A fondness for bargains is not without its dangers, for with some people the appetite grows with what it feeds on, to the detriment of their purses as well as of their outlook on life. To them, all the world becomes a bargain-counter.

A few years ago in a city which shall be nameless, two women looked into the windows of a piano-store. In one, was an ancient instrument marked "1796"; in the other, a beautiful modern piano labeled "1896." "Why," said one of the gazers to her companion, indicating the latter, "I'd a good deal rather pay the difference for this one, wouldn't you?"

This is no wild invention of fiction, but a bald fact. So strong had the ruling passion become in that feminine heart.

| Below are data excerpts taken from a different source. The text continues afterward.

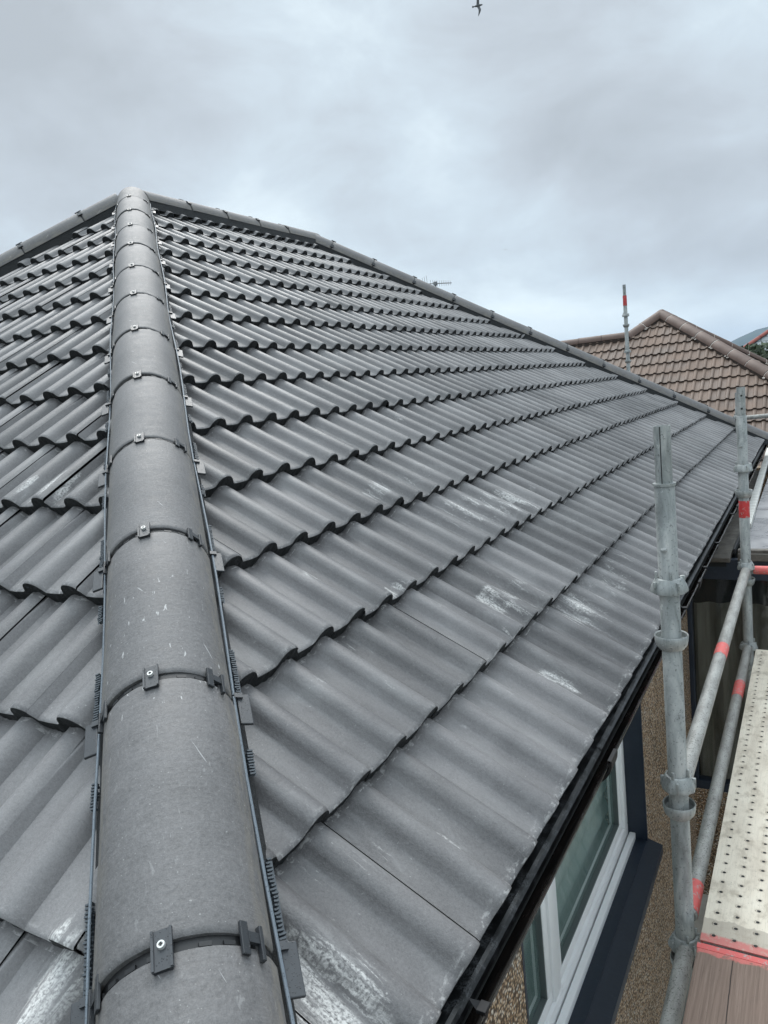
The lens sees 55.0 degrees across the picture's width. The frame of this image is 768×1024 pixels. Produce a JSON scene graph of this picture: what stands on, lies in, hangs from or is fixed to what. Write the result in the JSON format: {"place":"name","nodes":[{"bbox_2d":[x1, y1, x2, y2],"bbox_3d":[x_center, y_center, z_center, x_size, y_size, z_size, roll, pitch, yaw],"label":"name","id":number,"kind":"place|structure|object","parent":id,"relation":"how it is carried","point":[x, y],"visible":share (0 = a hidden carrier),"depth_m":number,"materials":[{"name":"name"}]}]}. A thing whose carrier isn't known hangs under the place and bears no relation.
{"place":"outdoors","nodes":[
{"label":"outdoors","id":0,"kind":"place"},
{"bbox_2d":[0,0,767,341],"label":"sky","id":1,"kind":"structure","parent":0,"point":[605,146],"materials":[{"name":"grey"}]},
{"bbox_2d":[422,277,451,286],"bbox_3d":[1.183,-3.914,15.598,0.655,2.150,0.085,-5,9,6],"label":"tv aerial","id":2,"kind":"object","parent":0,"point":[434,283],"visible":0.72,"depth_m":15.46,"materials":[{"name":"silver metal"}]},
{"bbox_2d":[472,0,482,15],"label":"gull","id":3,"kind":"object","parent":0,"point":[477,5],"visible":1,"depth_m":44.94,"materials":[{"name":"grey"}]},
{"bbox_2d":[694,894,707,935],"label":"path","id":4,"kind":"structure","parent":0,"point":[698,923],"depth_m":4.74,"materials":[{"name":"concrete"}]},
{"bbox_2d":[650,425,699,1023],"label":"scaffold pole","id":5,"kind":"object","parent":4,"relation":"on","point":[669,586],"visible":0.91,"depth_m":2.03,"materials":[{"name":"metal"}]},
{"bbox_2d":[659,942,693,1023],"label":"scaffold ledger","id":6,"kind":"object","parent":5,"relation":"attached to","point":[675,998],"visible":1,"depth_m":1.99,"materials":[{"name":"metal"}]},
{"bbox_2d":[686,567,749,777],"bbox_3d":[1.435,0.552,3.111,0.051,0.078,2.360,-1,10,30],"label":"scaffold ledger","id":7,"kind":"object","parent":5,"relation":"attached to","point":[697,730],"visible":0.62,"depth_m":2.73,"materials":[{"name":"metal"}]},
{"bbox_2d":[692,644,752,921],"bbox_3d":[1.480,0.986,3.177,0.053,0.059,2.360,-1,10,30],"label":"scaffold ledger","id":8,"kind":"object","parent":5,"relation":"attached to","point":[702,854],"visible":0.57,"depth_m":2.79,"materials":[{"name":"metal"}]},
{"bbox_2d":[700,649,767,959],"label":"scaffold plank","id":9,"kind":"object","parent":5,"relation":"attached to","point":[736,916],"visible":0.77,"depth_m":2.41,"materials":[{"name":"metal"}]},
{"bbox_2d":[682,942,767,1023],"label":"scaffold board","id":10,"kind":"object","parent":9,"relation":"attached to","point":[726,986],"visible":1,"depth_m":1.88,"materials":[{"name":"brown wood"}]},
{"bbox_2d":[733,393,736,432],"bbox_3d":[4.045,0.240,8.345,0.150,3.160,0.150,-1,10,30],"label":"scaffold pole","id":11,"kind":"object","parent":4,"relation":"on","point":[735,415],"visible":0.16,"depth_m":8.13,"materials":[{"name":"metal"}]},
{"bbox_2d":[747,413,767,419],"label":"scaffold ledger","id":12,"kind":"object","parent":11,"relation":"attached to","point":[757,416],"depth_m":8.04,"materials":[{"name":"metal"}]},
{"bbox_2d":[733,387,757,702],"bbox_3d":[2.094,0.974,4.225,0.150,3.349,0.150,-1,10,30],"label":"scaffold pole","id":13,"kind":"object","parent":4,"relation":"on","point":[743,491],"visible":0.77,"depth_m":4.06,"materials":[{"name":"metal"}]},
{"bbox_2d":[751,566,767,573],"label":"scaffold ledger","id":14,"kind":"object","parent":13,"relation":"attached to","point":[760,570],"visible":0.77,"depth_m":4.09,"materials":[{"name":"pink paint"}]},
{"bbox_2d":[687,448,767,894],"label":"flat roof extension","id":15,"kind":"object","parent":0,"point":[708,607],"visible":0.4,"depth_m":4.75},
{"bbox_2d":[687,544,767,792],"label":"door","id":16,"kind":"structure","parent":15,"relation":"in","point":[707,610],"depth_m":4.74,"materials":[{"name":"paint"}]},
{"bbox_2d":[731,327,767,345],"bbox_3d":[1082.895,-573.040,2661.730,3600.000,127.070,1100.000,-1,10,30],"label":"hills","id":17,"kind":"structure","parent":0,"point":[744,339],"depth_m":2365.00,"materials":[{"name":"grey plant"}]},
{"bbox_2d":[743,330,767,349],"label":"house","id":18,"kind":"structure","parent":0,"point":[763,337],"depth_m":23.31,"materials":[{"name":"red stone"}]},
{"label":"ground","id":19,"kind":"structure","parent":0,"visible":0},
{"bbox_2d":[0,187,767,1023],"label":"house","id":20,"kind":"structure","parent":19,"relation":"on","point":[330,671],"depth_m":2.04,"materials":[{"name":"grey tile"}]},
{"bbox_2d":[523,740,635,1023],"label":"window","id":21,"kind":"structure","parent":20,"relation":"in","point":[560,943],"depth_m":2.94,"materials":[{"name":"white plastic"}]},
{"bbox_2d":[622,284,630,371],"bbox_3d":[3.615,-0.870,10.710,0.150,4.724,0.150,-1,10,30],"label":"scaffold pole","id":22,"kind":"object","parent":19,"relation":"on","point":[625,315],"visible":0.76,"depth_m":10.43,"materials":[{"name":"metal"}]},
{"bbox_2d":[561,309,767,465],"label":"neighbour house","id":23,"kind":"structure","parent":19,"relation":"on","point":[675,353],"depth_m":12.09,"materials":[{"name":"brown tile"}]},
{"bbox_2d":[740,341,767,359],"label":"hedge","id":24,"kind":"object","parent":19,"relation":"on","point":[757,349],"visible":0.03,"depth_m":20.37,"materials":[{"name":"green plant"}]}
]}

Upon a friend of mine, the bargain habit has taken so powerful a hold that almost any sort of a bargain appeals to her. She is the owner of a fine parrot, yet not long ago she bought another, which had cost fifteen dollars, but was offered to her for ten. Its feathers were bedraggled and grimy, for it had followed its mistress about like a dog; it proved to be so cross that at first it had to be fed from the end of a stick; and though represented as a brilliant talker, its discourse was found to be limited to "Wow!" and "Rah! Rah!"—but it was a bargain.

To be sure, she didn't really need two parrots, but had she not saved five dollars on this one?

The most elusive kind of bargain is that set forth in alluring advertisements as a small lot, perhaps three, four, or two dozen articles of a kind, offered at a price unprecedentedly low.

When you reach the store, you are generally told that they—whatever they may be—are all gone. The other woman so often arrives earlier than you, apparently, that finally you come to doubt their existence.

Once in a while, if you are eminent among your fellows by some gift of nature, as is an acquaintance of mine, you may chase down one of these will-o'-the-wisps.

He—yes, it is he, for what woman would own to a number ten foot even for the sake of a bargain?—saw a fire sale advertised, with men's shoes offered at a dollar a pair. He went to the store. Sure enough, a fire had occurred somewhere, but not there. It was sufficiently near, however, for a fire sale.

A solitary box was brought out, whose edges were scorched, as by a match passed over them; within was a pair of number ten shoes. Number tens alone, whether one pair or more, I wot not, represented their gigantic fire sale. And I can not say how many men had come only to be confronted with tens, before this masculine Cinderella triumphantly filled their capacious maws with his number ten feet, and gleefully carried off what may have been the only bargain in the shop.